JavaWorld Daily Brew

Can Dynamic Languages Scale?

 

The recent "failure"
of the Chandler PIM project
generated the question, "Can
Dynamic Languages Scale?"
on TheServerSide, and, as is all too typical these days,
it turned into a "You suck"/"No you suck" flamefest between a couple of posters to
the site.

I now make the perhaps vain attempt to address the question meaningfully.

What do you mean by "scale"?

There's an implicit problem with using the word "scale" here, in that we can think
of a language scaling in one of two very orthogonal directions:

  1. Size of project, as in lines-of-code (LOC)

  2. Capacity handling, as in "it needs to scale to 100,000 requests per second"

Part of the problem I think that appears on the TSS thread is that the posters never
really clearly delineate the differences between these two. Assembly language can
scale(2), but it can't really scale(1) very well. Most people believe that C scales(2)
well, but doesn't scale(1) well. C++ scores better on scale(1), and usually does well
on scale(2), but you get into all that icky memory-management stuff. (Unless, of course,
you're using the Boehm GC implementation, but that's another topic entirely.)

Scale(1) is a measurement of a language's ability to extend or enhance the complexity
budget
of a project. For those who've not heard the term "complexity budget",
I heard it first from Mike Clark (though I can't find a citation for it via Google--if
anybody's got one, holler and I'll slip it in here), he of Pragmatic Project Automation
fame, and it's essentially a statement that says "Humans can only deal with a fixed
amount of complexity in their heads. Therefore, every project has a fixed complexity
budget, and the more you spend on infrastructure and tools, the less you have to spend
on the actual business logic." In many ways, this is a reflection of the ability of
a language or tool to raise the level of abstraction--when projects began to exceed
the abstraction level of assembly, for example, we moved to higher-level languages
like C to help hide some of the complexity and let us spend more of the project's
complexity budget on the program, and not with figuring out which register needed
to have the value of the interrupt to be invoked. This same argument can be seen in
the argument against EJB in favor of Spring: too much of the complexity budget was
spent in getting the details of the EJB beans correct, and Spring reduced that amount
and gave us more room to work with. Now, this argument is at the core of the Ruby/Rails-vs-Java/JEE
debate, and implicitly it's obviously there in the middle of the room in the whole
discussion over Chandler.

Scale(2) is an equally important measurement, since a project that cannot handle the
expected user load during peak usage times will have effectively failed just as surely
as if the project had never shipped in the first place.
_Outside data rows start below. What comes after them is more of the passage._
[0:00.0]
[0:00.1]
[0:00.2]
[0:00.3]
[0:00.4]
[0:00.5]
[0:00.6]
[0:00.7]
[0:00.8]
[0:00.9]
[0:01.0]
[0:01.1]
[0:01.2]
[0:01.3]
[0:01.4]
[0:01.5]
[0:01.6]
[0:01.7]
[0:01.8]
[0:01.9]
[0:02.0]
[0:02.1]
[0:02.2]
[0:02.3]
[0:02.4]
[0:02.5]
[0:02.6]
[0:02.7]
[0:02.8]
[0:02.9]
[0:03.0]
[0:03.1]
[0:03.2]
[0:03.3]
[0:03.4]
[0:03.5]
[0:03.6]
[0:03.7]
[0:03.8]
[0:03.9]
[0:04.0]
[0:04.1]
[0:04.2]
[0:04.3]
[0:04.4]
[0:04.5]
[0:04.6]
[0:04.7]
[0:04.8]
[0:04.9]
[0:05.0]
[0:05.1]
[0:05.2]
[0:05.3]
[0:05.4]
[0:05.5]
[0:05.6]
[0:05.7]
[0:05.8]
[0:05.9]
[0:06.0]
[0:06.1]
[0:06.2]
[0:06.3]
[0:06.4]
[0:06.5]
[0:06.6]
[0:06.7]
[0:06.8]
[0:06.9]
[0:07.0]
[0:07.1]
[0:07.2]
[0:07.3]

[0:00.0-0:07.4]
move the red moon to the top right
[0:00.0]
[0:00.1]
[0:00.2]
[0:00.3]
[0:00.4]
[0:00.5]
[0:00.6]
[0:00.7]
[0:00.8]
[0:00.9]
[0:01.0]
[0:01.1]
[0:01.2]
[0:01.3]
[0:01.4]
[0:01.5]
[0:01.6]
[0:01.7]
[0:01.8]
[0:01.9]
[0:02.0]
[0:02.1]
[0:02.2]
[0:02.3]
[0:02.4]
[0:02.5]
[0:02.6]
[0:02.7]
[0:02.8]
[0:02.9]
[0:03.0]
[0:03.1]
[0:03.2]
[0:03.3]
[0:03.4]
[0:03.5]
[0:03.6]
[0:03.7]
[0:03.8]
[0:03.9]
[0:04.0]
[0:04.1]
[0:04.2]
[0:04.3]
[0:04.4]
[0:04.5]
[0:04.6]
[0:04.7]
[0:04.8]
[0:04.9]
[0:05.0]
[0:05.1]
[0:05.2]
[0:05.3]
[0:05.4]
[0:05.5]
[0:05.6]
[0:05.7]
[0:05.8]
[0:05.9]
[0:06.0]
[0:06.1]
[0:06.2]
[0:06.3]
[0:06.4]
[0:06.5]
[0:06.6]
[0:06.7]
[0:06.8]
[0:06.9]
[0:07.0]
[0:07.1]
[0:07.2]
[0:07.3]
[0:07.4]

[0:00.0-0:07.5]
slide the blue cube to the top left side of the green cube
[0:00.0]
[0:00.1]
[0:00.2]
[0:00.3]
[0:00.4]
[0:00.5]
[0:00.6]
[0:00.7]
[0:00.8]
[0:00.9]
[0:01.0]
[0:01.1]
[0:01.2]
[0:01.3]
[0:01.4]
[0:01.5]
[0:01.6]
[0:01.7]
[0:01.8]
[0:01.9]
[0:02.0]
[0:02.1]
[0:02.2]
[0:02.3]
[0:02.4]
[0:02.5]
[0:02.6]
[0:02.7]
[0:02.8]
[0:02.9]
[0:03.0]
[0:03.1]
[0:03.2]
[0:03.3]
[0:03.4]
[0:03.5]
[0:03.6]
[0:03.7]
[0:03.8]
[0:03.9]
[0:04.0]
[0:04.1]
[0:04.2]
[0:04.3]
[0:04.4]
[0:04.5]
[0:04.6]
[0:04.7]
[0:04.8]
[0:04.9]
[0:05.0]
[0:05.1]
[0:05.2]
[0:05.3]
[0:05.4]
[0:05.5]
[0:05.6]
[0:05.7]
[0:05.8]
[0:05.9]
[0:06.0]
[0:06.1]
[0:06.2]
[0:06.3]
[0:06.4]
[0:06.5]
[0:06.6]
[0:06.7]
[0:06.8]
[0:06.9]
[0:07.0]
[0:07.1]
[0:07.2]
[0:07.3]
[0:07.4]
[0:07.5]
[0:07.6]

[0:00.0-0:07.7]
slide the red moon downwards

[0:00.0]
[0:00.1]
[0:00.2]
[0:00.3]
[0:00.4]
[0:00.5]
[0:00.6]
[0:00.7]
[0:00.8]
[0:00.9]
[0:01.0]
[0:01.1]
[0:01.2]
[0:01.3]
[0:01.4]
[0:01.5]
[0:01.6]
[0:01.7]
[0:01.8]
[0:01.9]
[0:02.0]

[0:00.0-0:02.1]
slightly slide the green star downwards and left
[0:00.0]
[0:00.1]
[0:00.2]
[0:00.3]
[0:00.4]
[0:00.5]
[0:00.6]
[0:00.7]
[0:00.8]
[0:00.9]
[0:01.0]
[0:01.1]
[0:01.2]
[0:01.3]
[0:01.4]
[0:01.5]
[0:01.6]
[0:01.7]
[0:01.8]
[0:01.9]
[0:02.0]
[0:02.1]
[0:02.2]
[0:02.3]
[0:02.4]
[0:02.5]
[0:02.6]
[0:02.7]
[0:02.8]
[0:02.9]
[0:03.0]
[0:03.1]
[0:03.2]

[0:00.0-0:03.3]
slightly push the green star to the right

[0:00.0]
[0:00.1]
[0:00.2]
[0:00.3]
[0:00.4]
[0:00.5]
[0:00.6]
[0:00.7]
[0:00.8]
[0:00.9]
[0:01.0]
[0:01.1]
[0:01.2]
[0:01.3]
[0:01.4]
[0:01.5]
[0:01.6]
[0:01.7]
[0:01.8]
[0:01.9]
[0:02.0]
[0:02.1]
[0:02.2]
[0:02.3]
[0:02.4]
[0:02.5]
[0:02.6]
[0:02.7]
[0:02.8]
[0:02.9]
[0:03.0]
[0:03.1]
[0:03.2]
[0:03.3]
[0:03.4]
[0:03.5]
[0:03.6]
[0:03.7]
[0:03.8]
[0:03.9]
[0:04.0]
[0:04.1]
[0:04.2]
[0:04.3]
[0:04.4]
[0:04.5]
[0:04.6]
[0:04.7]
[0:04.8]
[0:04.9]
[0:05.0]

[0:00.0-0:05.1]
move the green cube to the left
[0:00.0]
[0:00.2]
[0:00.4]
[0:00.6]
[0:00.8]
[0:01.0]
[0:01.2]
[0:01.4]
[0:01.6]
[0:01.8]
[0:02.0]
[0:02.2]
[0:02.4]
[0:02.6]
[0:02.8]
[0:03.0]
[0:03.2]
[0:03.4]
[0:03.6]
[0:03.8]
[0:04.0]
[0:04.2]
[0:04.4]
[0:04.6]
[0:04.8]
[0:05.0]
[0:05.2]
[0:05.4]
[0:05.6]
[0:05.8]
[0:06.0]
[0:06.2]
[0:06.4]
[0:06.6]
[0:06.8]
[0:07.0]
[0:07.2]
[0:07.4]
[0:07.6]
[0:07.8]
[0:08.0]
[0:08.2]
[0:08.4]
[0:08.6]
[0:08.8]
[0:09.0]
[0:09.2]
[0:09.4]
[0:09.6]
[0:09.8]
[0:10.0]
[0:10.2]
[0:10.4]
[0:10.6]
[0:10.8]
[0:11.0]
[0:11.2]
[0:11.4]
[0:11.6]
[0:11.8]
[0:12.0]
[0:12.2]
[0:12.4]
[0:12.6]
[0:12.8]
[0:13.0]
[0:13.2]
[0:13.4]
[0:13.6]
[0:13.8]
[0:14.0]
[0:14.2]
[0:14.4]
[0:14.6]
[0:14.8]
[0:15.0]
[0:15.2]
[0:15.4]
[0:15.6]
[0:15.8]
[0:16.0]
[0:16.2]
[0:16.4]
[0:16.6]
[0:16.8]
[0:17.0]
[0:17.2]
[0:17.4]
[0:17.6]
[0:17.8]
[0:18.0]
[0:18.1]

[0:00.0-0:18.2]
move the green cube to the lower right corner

Part of this will be reflected
in not just the language used but also the tools and libraries that are part of the
overall software footprint, but choice of language can obviously have a major impact
here: Erlang is being tossed about as a good choice for high-scale systems because
of its intrinsic Actors-based model for concurrent processing, for example.

Both of these get tossed back and forth rather carelessly during this debate, usually
along the following lines:

  1. Pro-Java (and pro-.NET, though they haven't gotten into this particular debate so
    much as the Java guys have) adherents argue that a dynamic language cannot scale(1)
    because of the lack of type-safety commonly found in dynamic languages. Since the
    compiler is not there to methodically ensure that parameters obey a certain type contract,
    that objects are not asked to execute methods they couldn't possibly satisfy, and
    so on. In essence, strongly-typed languages are theorem provers, in that they take
    the assertion (by the programmer) that this program is type-correct, and validate
    that. This means less work for the programmer, as an automated tool now runs through
    a series of tests that the programmer doesn't have to write by hand; as one contributor
    to the TSS thread put
    it
    :
    "With static languages like Java, we get a select subset of code
    tests, with 100% code coverage, every time we compile. We get those tests for "free".
    The price we pay for those "free" tests is static typing, which certainly has hidden
    costs."

    Note that this argument frequently derails into the world of IDE
    support and refactoring (as its witnessed on the TSS thread), pointing out that Eclipse
    and IntelliJ provide powerful automated refactoring support that is widely believed
    to be impossible on dynamic language platforms.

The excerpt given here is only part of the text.